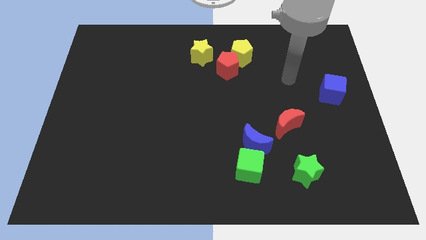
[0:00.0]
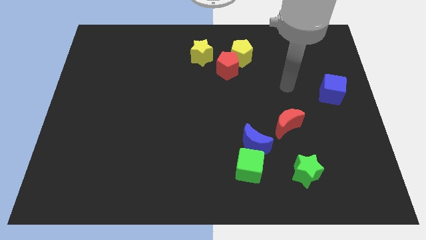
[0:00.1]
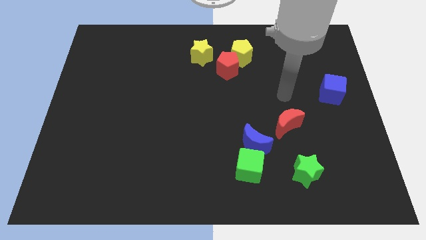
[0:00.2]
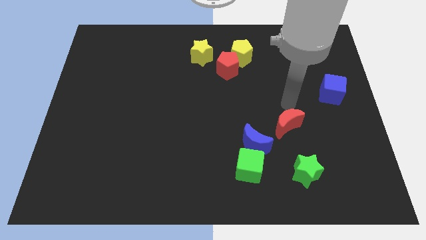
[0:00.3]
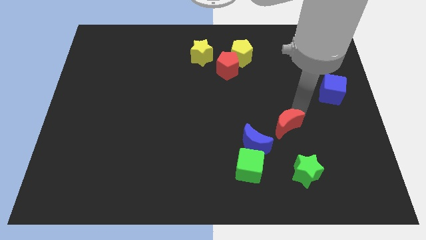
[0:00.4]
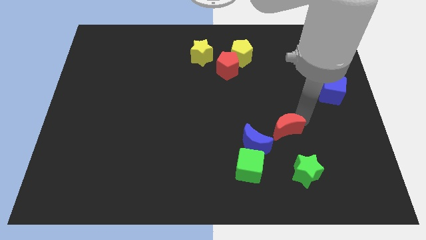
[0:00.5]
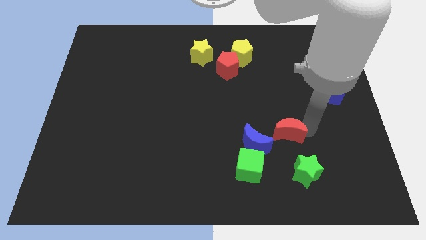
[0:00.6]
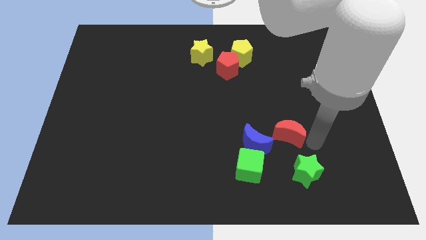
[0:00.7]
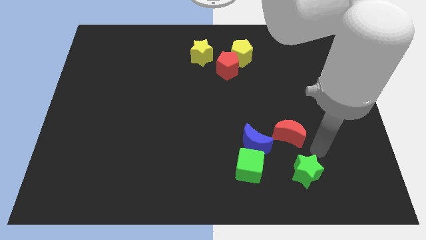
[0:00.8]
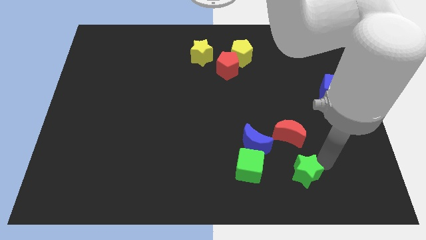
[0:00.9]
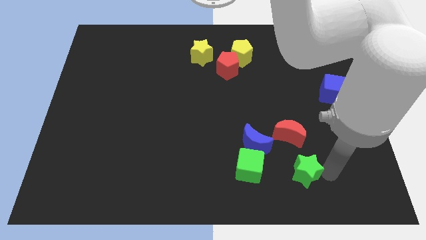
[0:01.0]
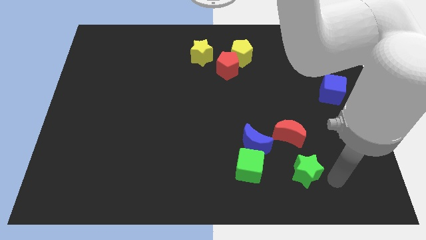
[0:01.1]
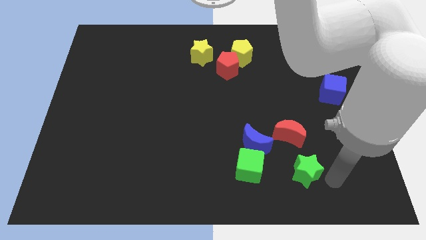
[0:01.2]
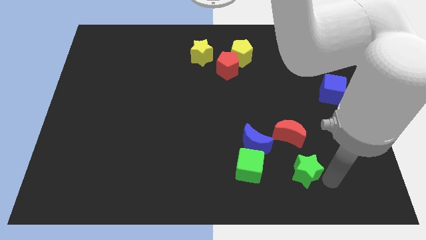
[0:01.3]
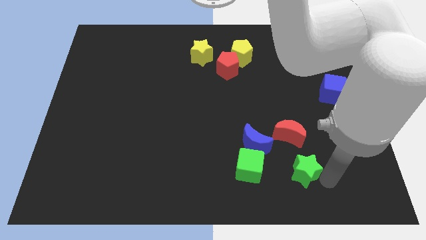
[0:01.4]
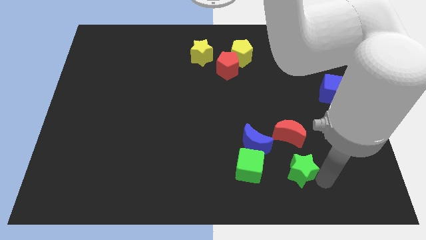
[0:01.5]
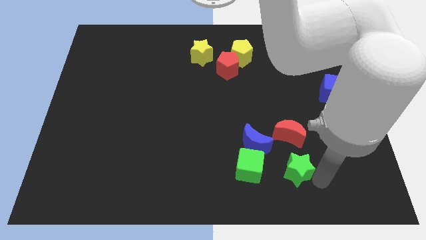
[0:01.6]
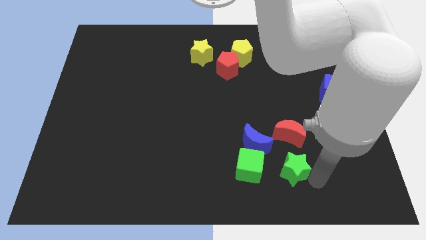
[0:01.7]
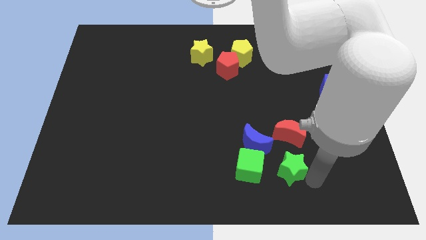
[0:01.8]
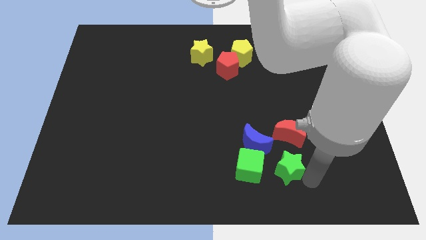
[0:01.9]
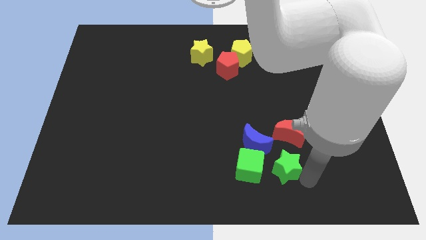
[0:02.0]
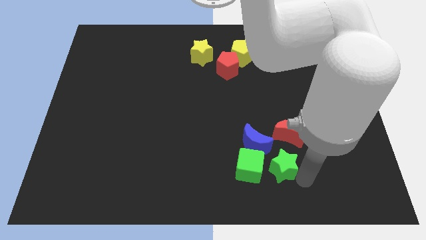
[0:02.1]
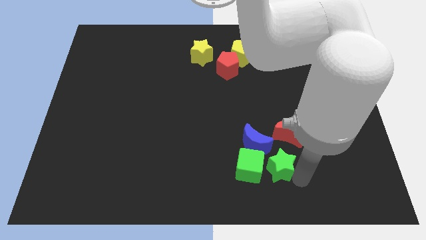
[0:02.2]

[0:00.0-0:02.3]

**PROBLEM DESCRIPTION**
All records above are to be output verbatim, with their pictures omitted.

**RESPONSE**
[0:00.0]
[0:00.1]
[0:00.2]
[0:00.3]
[0:00.4]
[0:00.5]
[0:00.6]
[0:00.7]
[0:00.8]
[0:00.9]
[0:01.0]
[0:01.1]
[0:01.2]
[0:01.3]
[0:01.4]
[0:01.5]
[0:01.6]
[0:01.7]
[0:01.8]
[0:01.9]
[0:02.0]
[0:02.1]
[0:02.2]

[0:00.0-0:02.3]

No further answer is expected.